You can just check for R, and let the Rscript check for the packages. If the user has them installed they'll load, otherwise they'll be installed:

is_installed = function(mypkg) is.element(mypkg, installed.packages()[,1])  
# Install it if it isn't already installed
# Run a for-loop of all the package names listed below in the function call
# with the list of packages: load_or_install(c("pkg1", "pkg2",..., "pkgn"))
load_or_install = function(package_names)  
{  
  for(package_name in package_names)  
  {  
    if(!is_installed(package_name))  
    {  
      install.packages(package_name,repos="http://lib.stat.cmu.edu/R/CRAN")
    }  
    library(package_name,character.only=TRUE,quietly=TRUE,verbose=FALSE)  
  }  
}  
# library(tools) has the file_path_sans_ext(filename) function

load_or_install(c("tidyverse", "magrittr", "qvalue"))

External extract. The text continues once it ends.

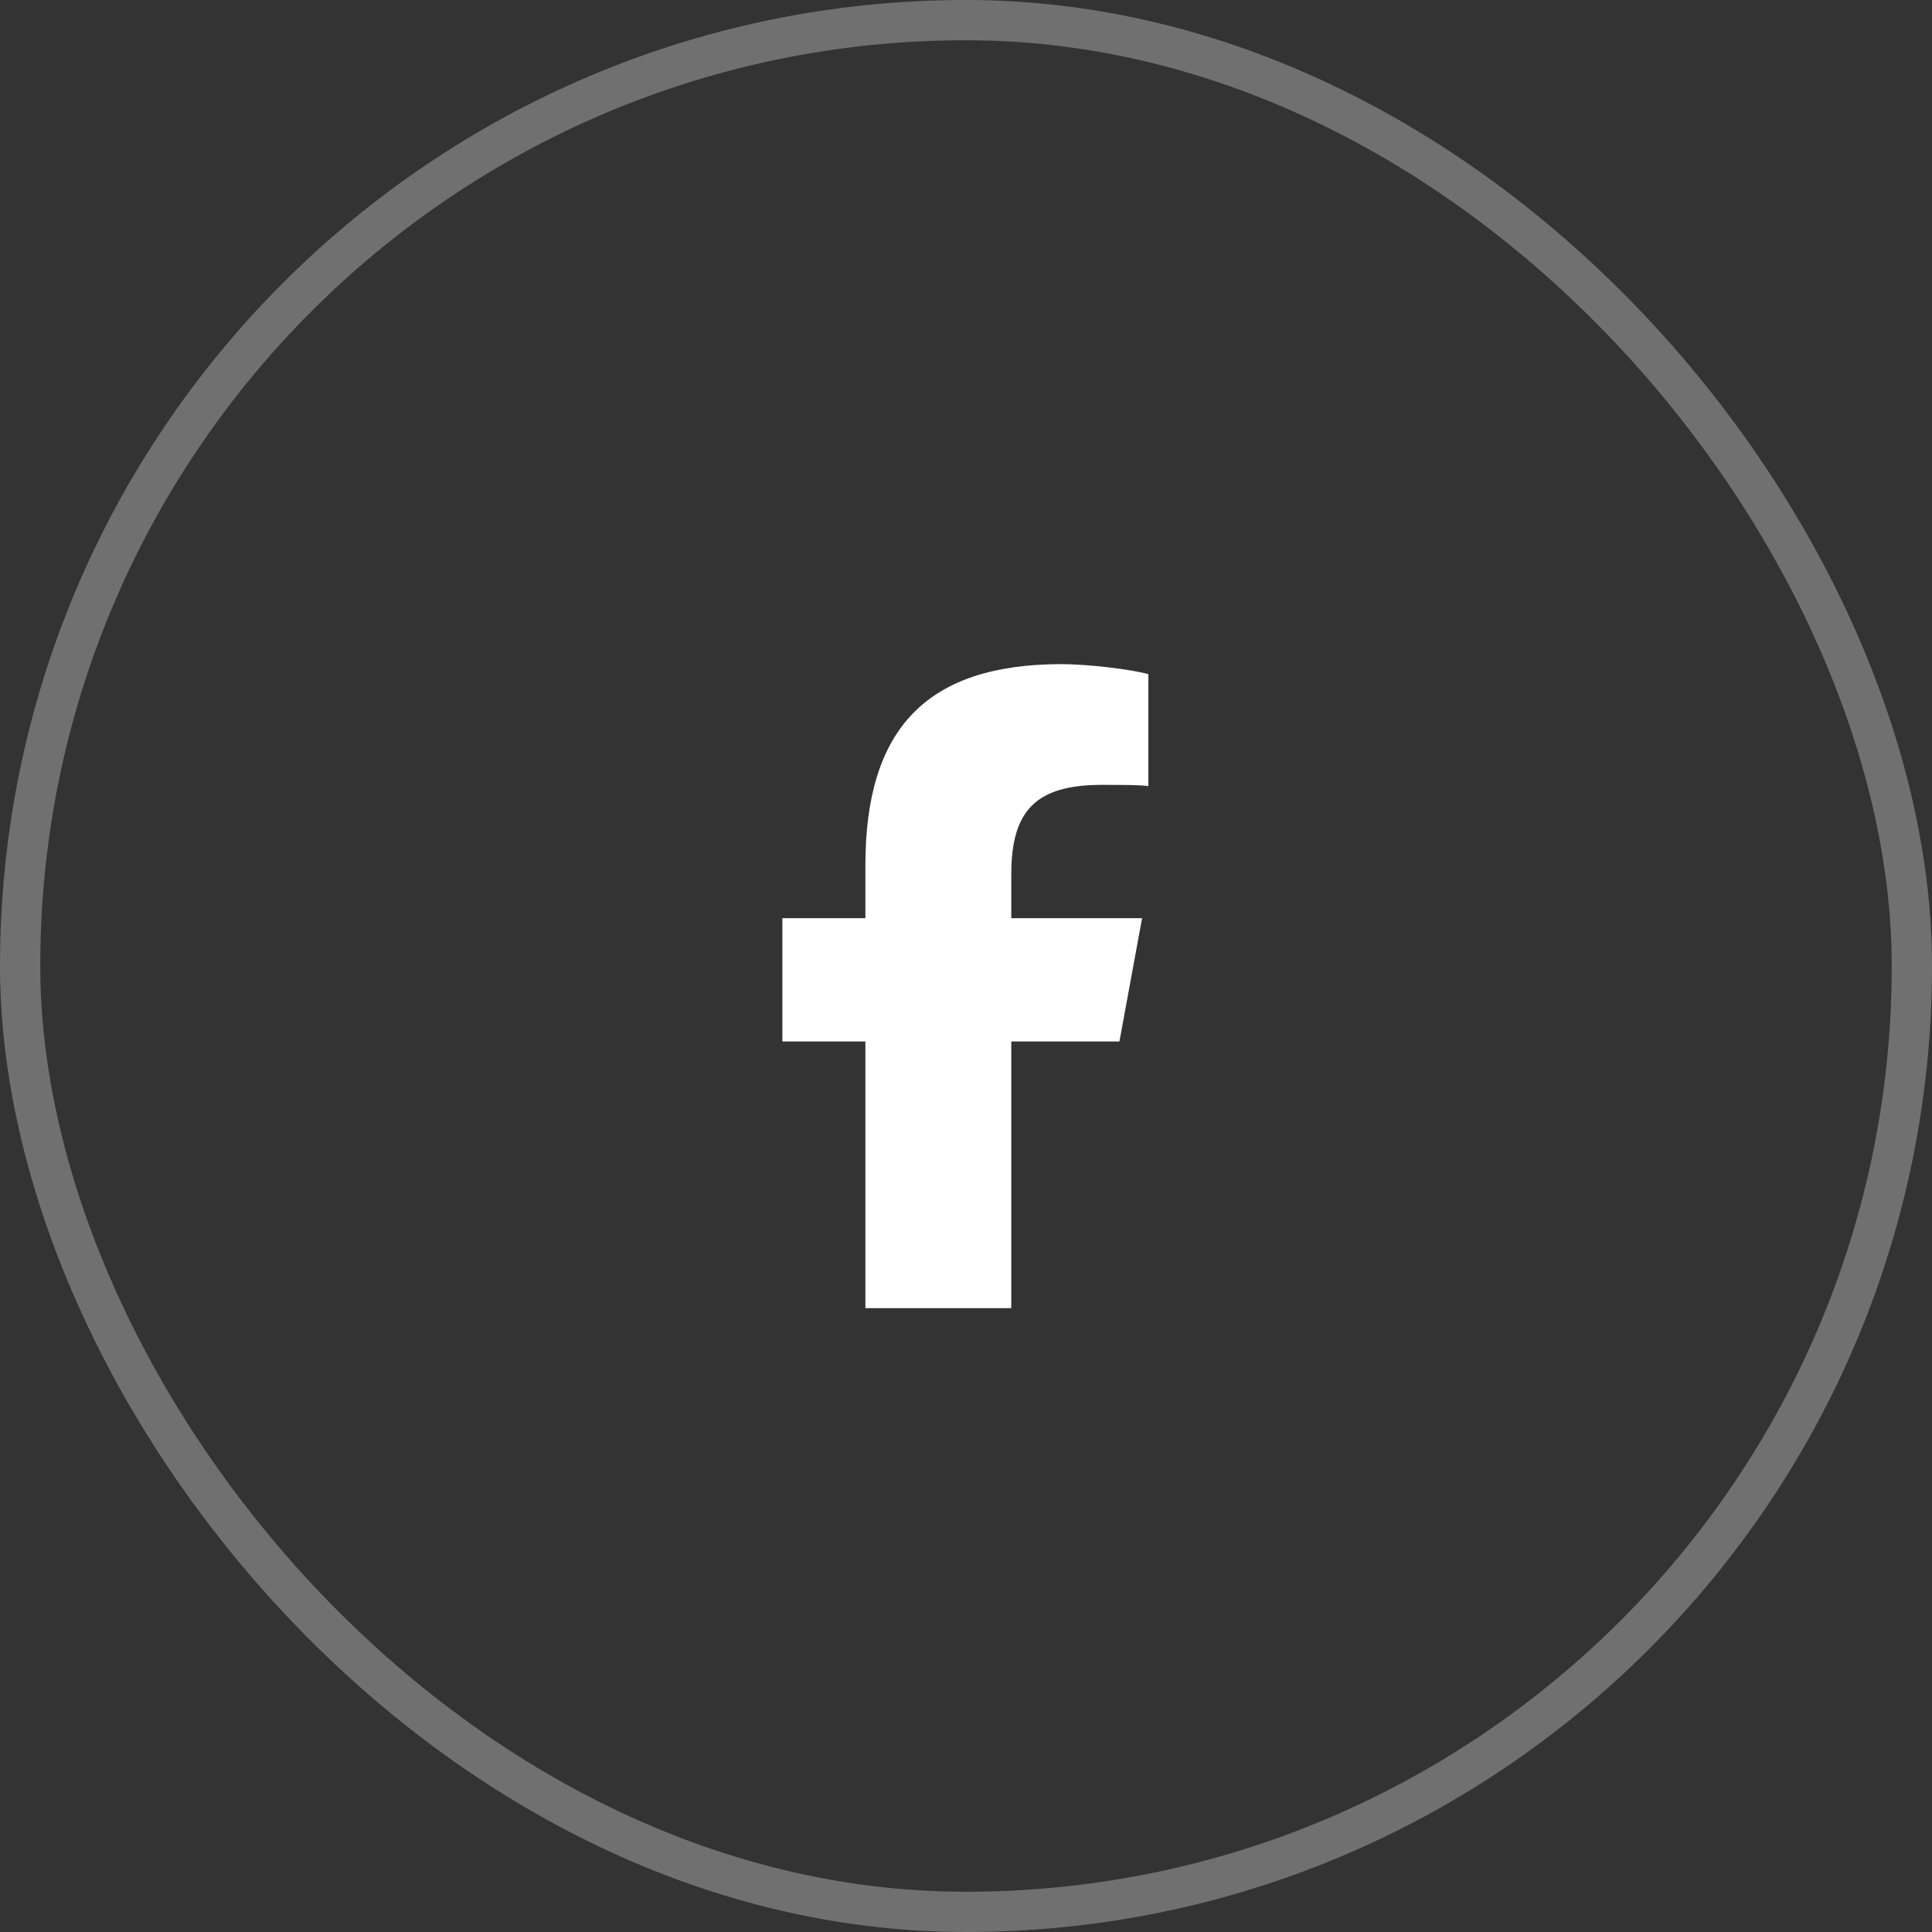 <svg xmlns="http://www.w3.org/2000/svg" width="48" height="48" viewBox="0 0 48 48" fill="none"><rect x="0" y="0" width="48" height="48" fill="#333333" stroke="none"/><rect x="0.5" y="0.5" width="47" height="47" rx="23.5" stroke="white" stroke-opacity="0.3"></rect><path d="M21.5 25.875H19.438V22.812H21.5V21.5C21.5 18.094 23.031 16.5 26.375 16.5C27 16.5 28.094 16.625 28.531 16.75V19.531C28.312 19.5 27.906 19.5 27.375 19.5C25.75 19.5 25.125 20.125 25.125 21.719V22.812H28.375L27.812 25.875H25.125V32.5H21.5V25.875Z" fill="white"></path></svg>
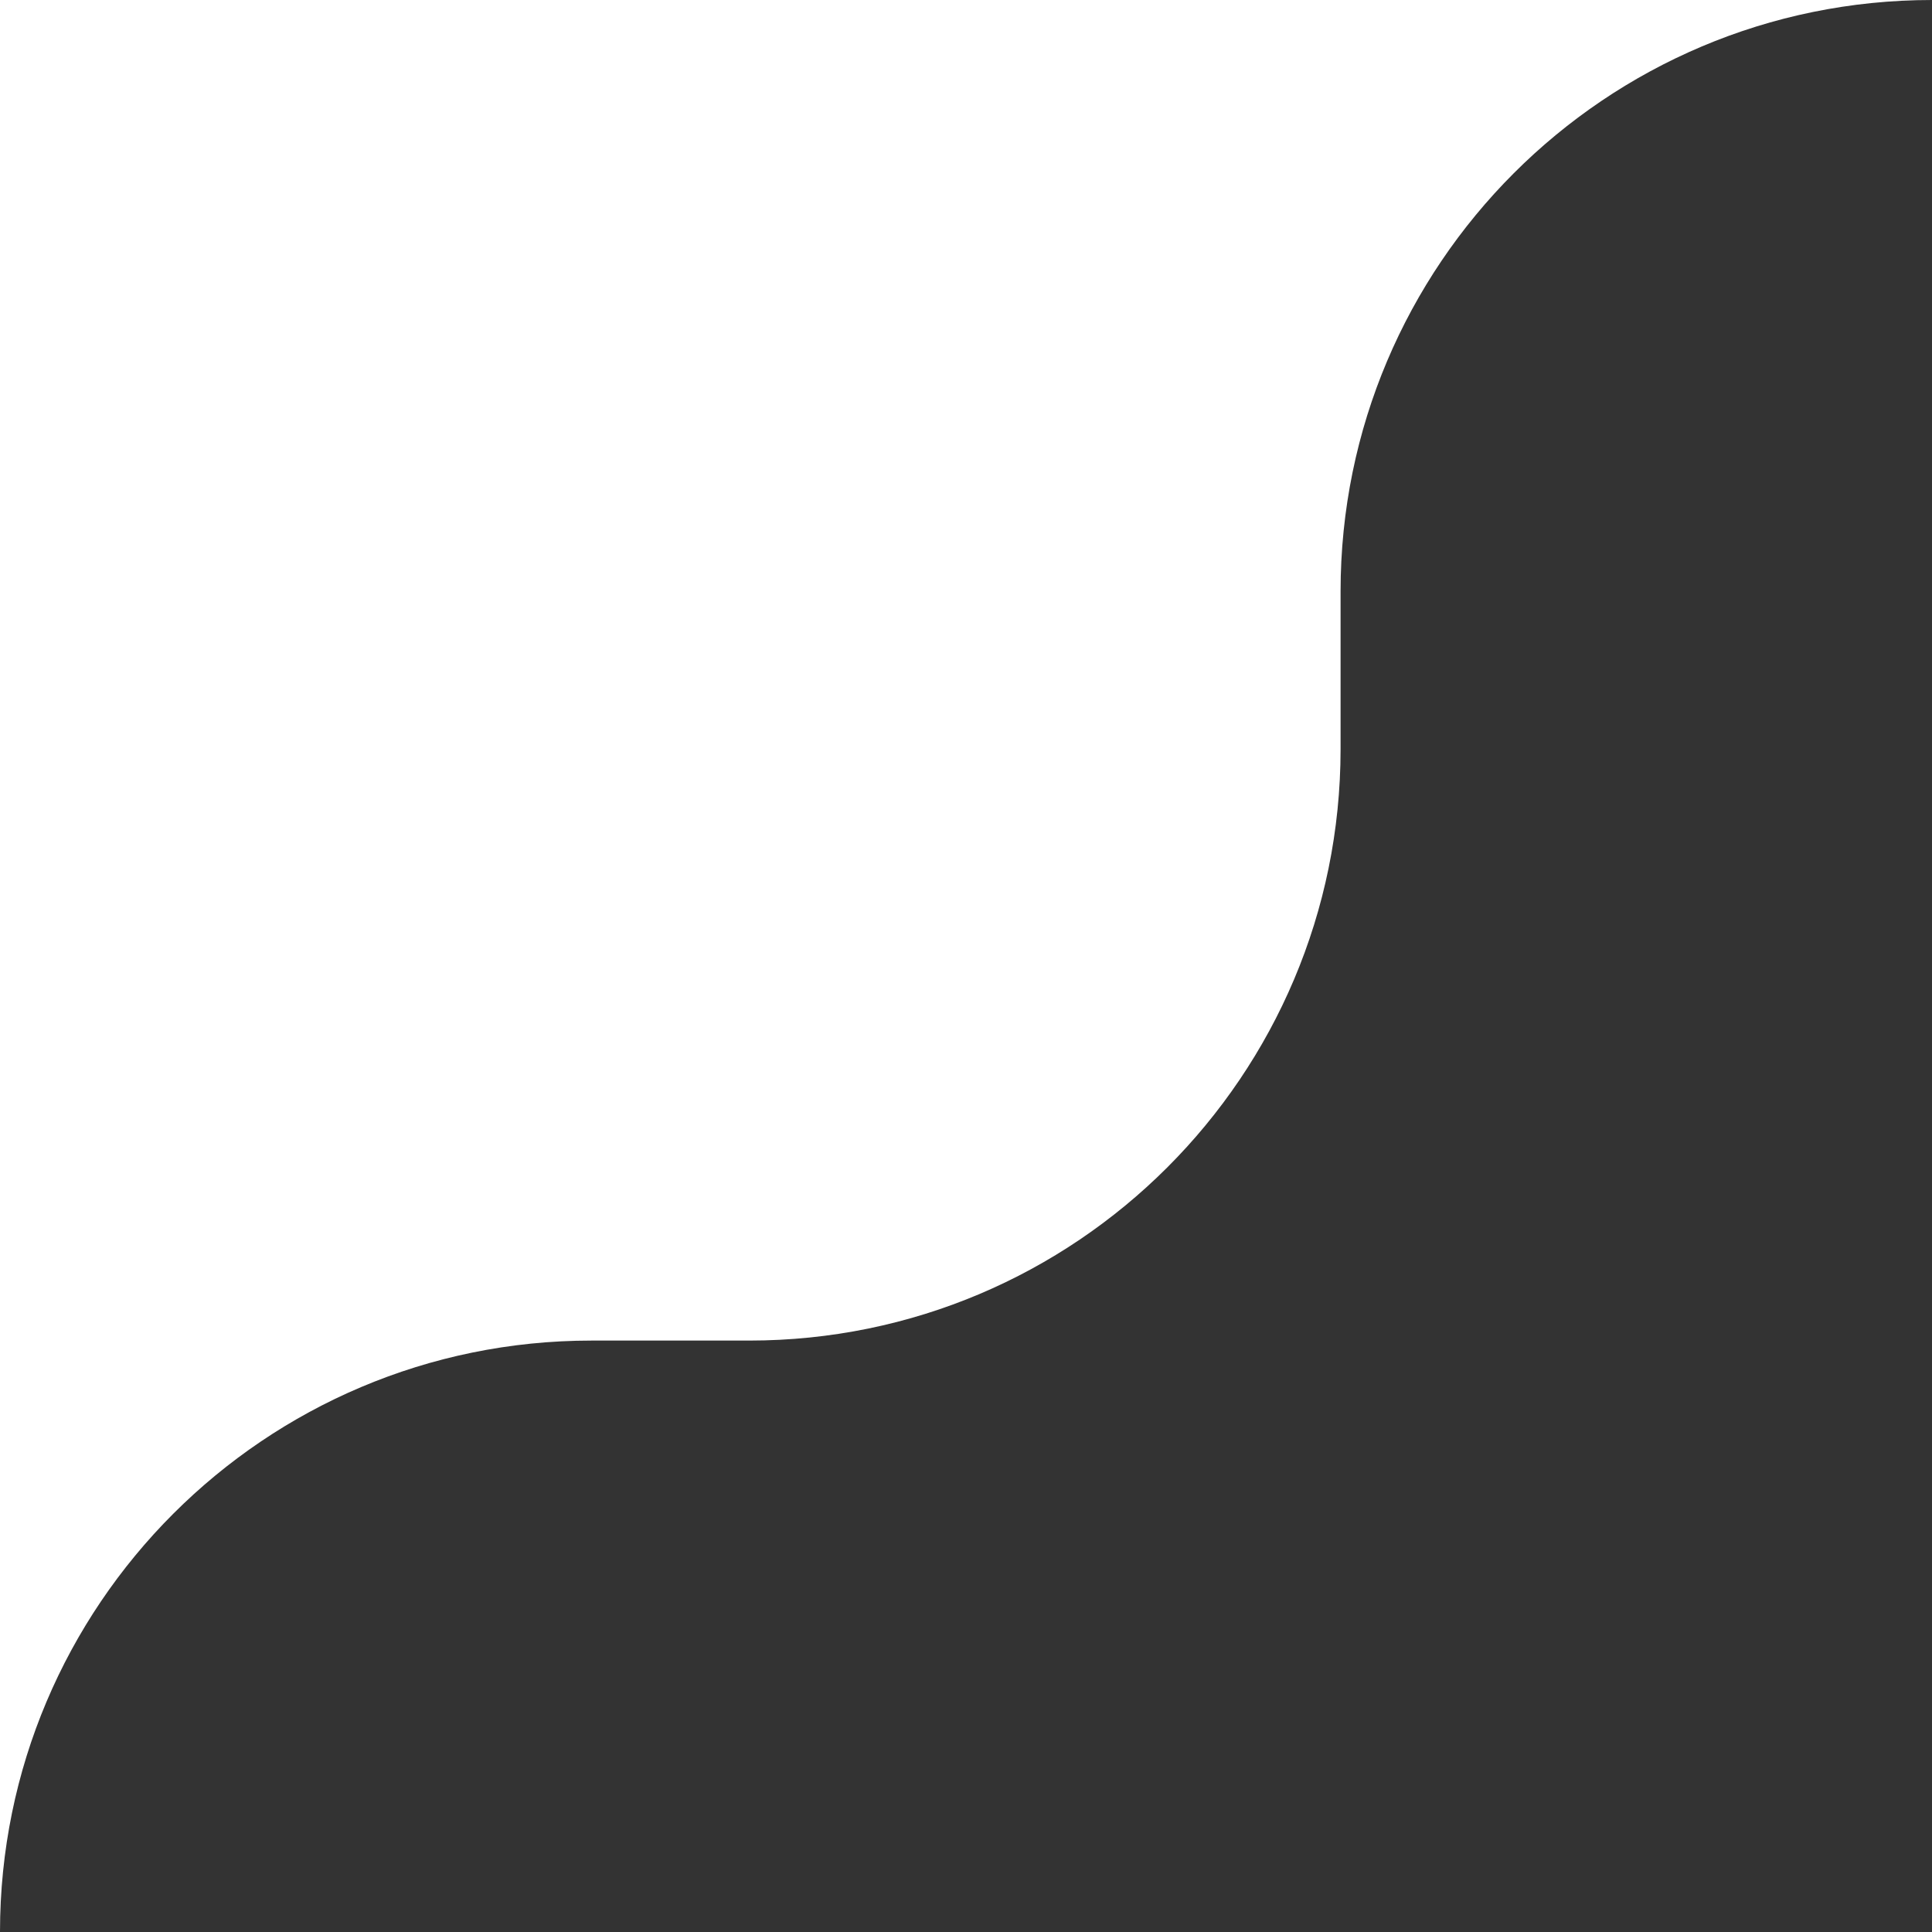 <?xml version="1.0" encoding="UTF-8"?> <svg xmlns="http://www.w3.org/2000/svg" width="98" height="98" viewBox="0 0 98 98" fill="none"><rect x="0" y="0" width="98" height="98" fill="#333333" stroke="none"/><path fill-rule="evenodd" clip-rule="evenodd" d="M0 98C0 81.431 13.431 68 30 68H38C54.569 68 68 54.569 68 38V30C68 13.431 81.431 0 98 0H0V98Z" fill="white"></path></svg>

Alternatively, you can use pacman for the package management, although you still need to make sure you have it installed... although it does a better job if you require specific versions or load packages from github. This is an example adapted from some pipeline we have been developing:

load_or_install = function(package_names)  
{  
  for(package_name in package_names)  
  {  
    if(!is_installed(package_name))  
    {  
      install.packages(package_name,repos="http://lib.stat.cmu.edu/R/CRAN")
    }  
    library(package_name,character.only=TRUE,quietly=TRUE,verbose=FALSE)  
  }  
}  

## Only use this fx for pacman and BiocManager (in case you use something from bioconductor)
load_or_install(c("pacman", "BiocManager")) 

## Pacman commands
### if you need to load from github
p_load_gh(c("tidyverse/ggplot2")) 

### anything else will be loaded from either CRAN or Bioconductor. Pacman will locate them without having to specify the source 
p_load("knitr",
       "kableExtra",
        "dplyr", "tidyr",
       "rmarkdown",
       "grid", "gridBase", "gridExtra",
       "phyloseq",
       "plotly")
meren commented 4 years ago

@xvazquezc you should feel free to edit the code directly if you ask me :) clearly you are the expert :)

meren commented 4 years ago

(you are already listed as a developer, so you have all the authority :p)

xvazquezc commented 4 years ago

It was mostly a suggestion, you know... I don't know if you prefer to control the packages with Python or else... If I have a moment I'll submit something today

meren commented 4 years ago

No pressure at all! I just wanted to make sure it is clear that you are welcome. Of course your suggestion is invaluable, too.

ShaiberAlon commented 4 years ago

@xvazquezc, thank you for the suggestion!

There are two reasons why I like @mooreryan's suggestion better:

  1. I would like to control things from the python wrapper, since otherwise we run a bunch of preliminary steps in python before the R script just to get an error once we get to the R part.
  2. I prefer to leave it for the user to choose if and how to install the packages (is that silly?)